## What the task asks
Restate every entry verbatim; drop the pictures.

(Records from a data collection)
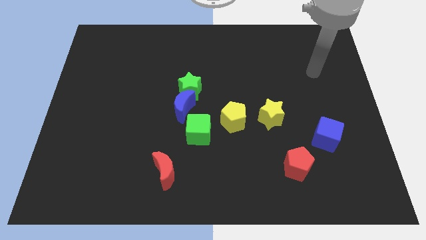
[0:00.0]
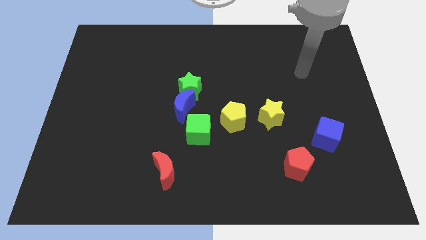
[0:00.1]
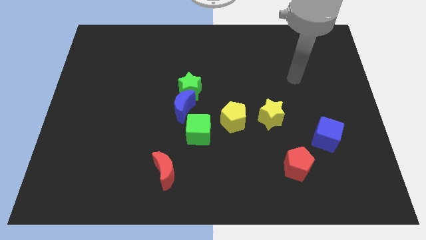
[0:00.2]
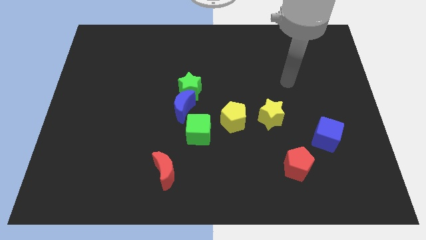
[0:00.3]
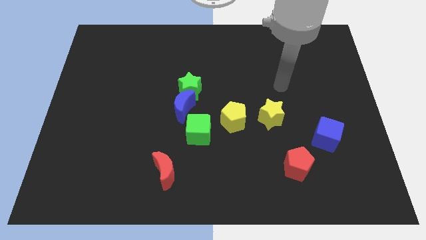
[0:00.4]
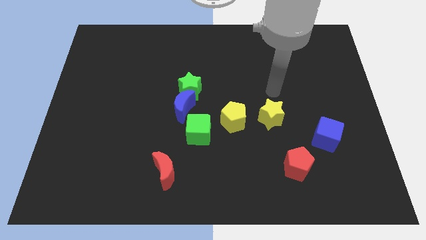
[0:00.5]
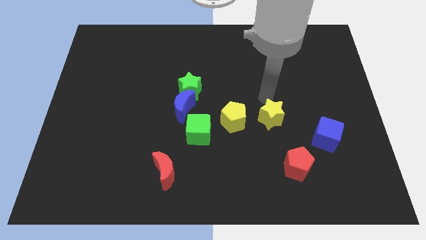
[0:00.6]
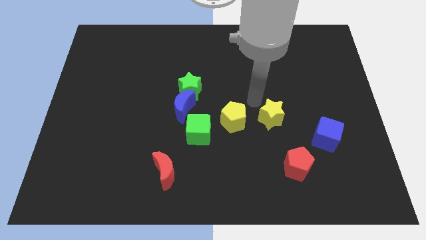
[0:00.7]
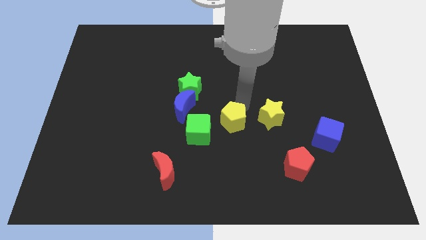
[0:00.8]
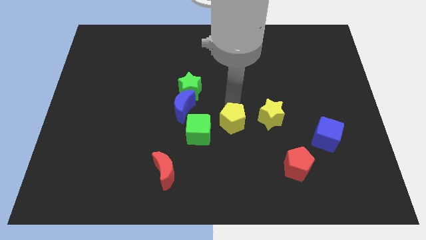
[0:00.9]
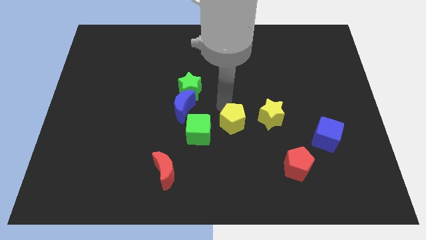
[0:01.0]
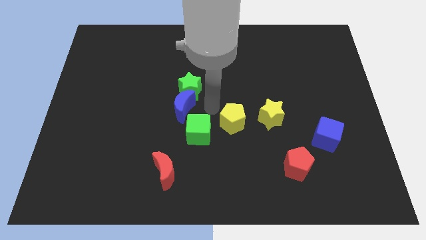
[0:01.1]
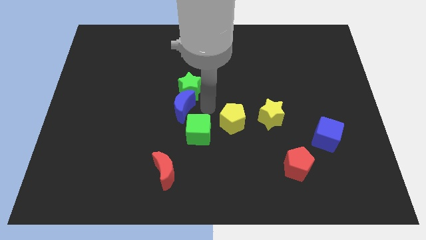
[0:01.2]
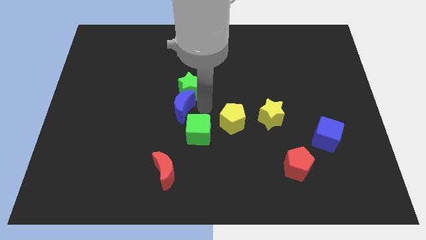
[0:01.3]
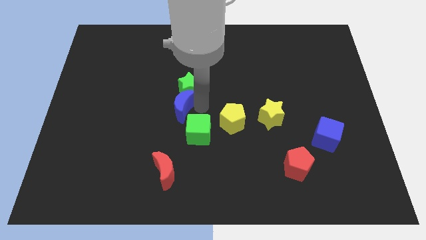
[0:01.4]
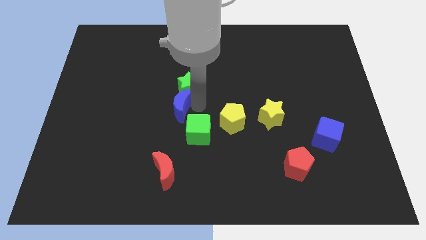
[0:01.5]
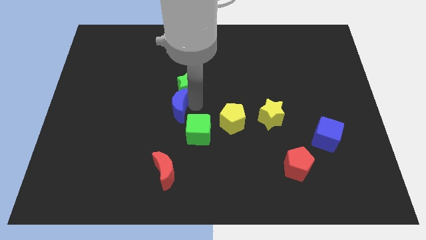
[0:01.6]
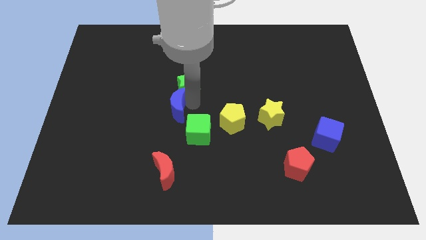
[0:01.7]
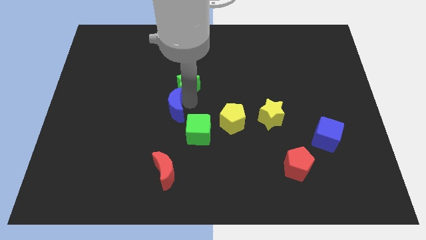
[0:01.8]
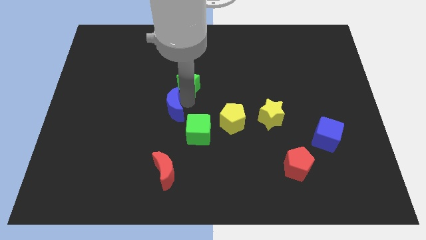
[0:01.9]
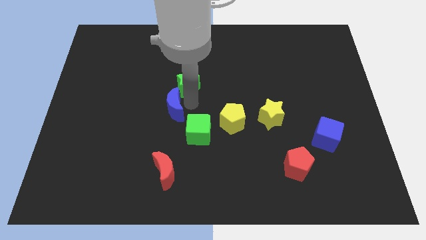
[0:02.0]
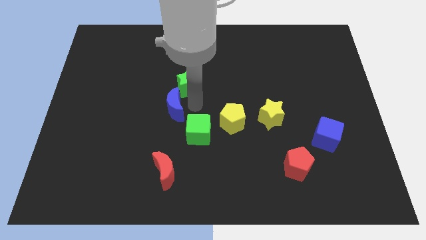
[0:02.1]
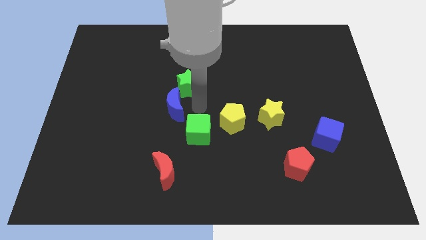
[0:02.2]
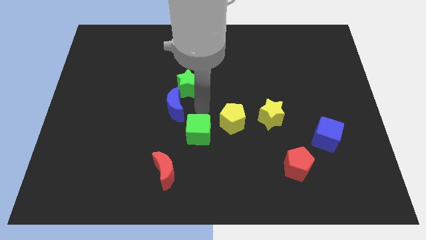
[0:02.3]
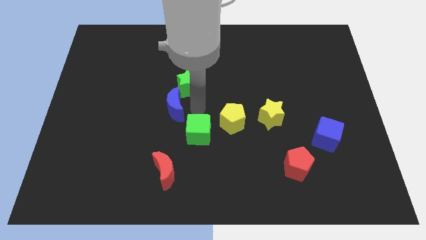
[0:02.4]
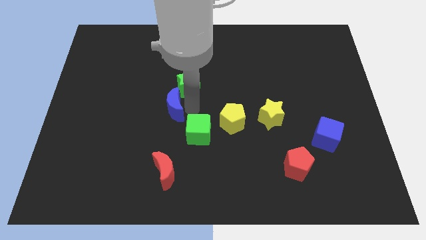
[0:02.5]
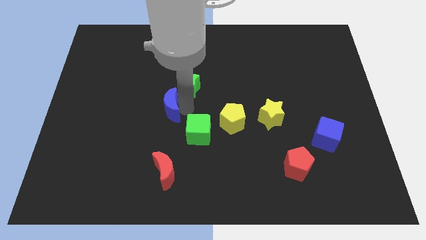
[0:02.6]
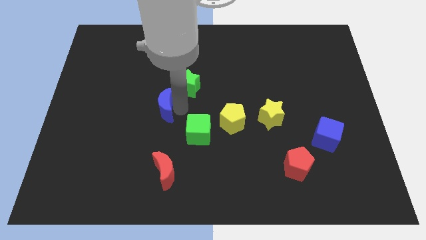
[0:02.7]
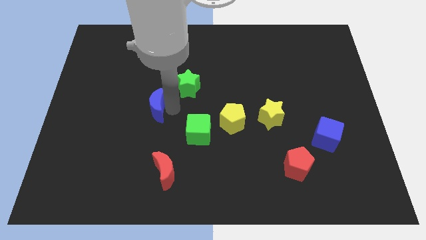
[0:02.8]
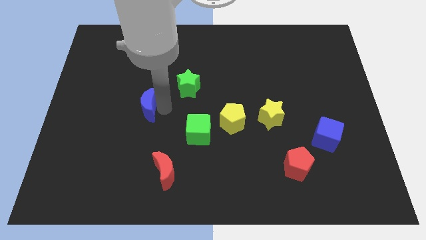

## Output of the task
[0:00.0]
[0:00.1]
[0:00.2]
[0:00.3]
[0:00.4]
[0:00.5]
[0:00.6]
[0:00.7]
[0:00.8]
[0:00.9]
[0:01.0]
[0:01.1]
[0:01.2]
[0:01.3]
[0:01.4]
[0:01.5]
[0:01.6]
[0:01.7]
[0:01.8]
[0:01.9]
[0:02.0]
[0:02.1]
[0:02.2]
[0:02.3]
[0:02.4]
[0:02.5]
[0:02.6]
[0:02.7]
[0:02.8]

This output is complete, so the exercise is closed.